Collected data:
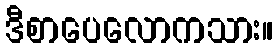
ဒီစာပေလောကသား။
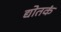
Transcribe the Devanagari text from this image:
द्योतकं
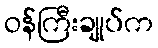
ဝန်ကြီးချုပ်က
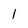
Character: 1
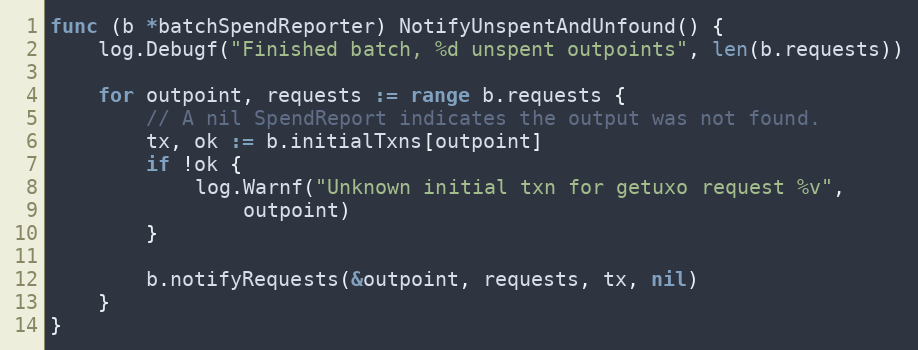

** THE TASK **
Only the lines from the one containing "Transcribe the Devanagari" through the end of the records should be copied, exactly and with both ends included; the pictures should not.

** RESPONSE TO THE TASK **
Transcribe the Devanagari text from this image:
द्योतकं
ဝန်ကြီးချုပ်က
Character: 1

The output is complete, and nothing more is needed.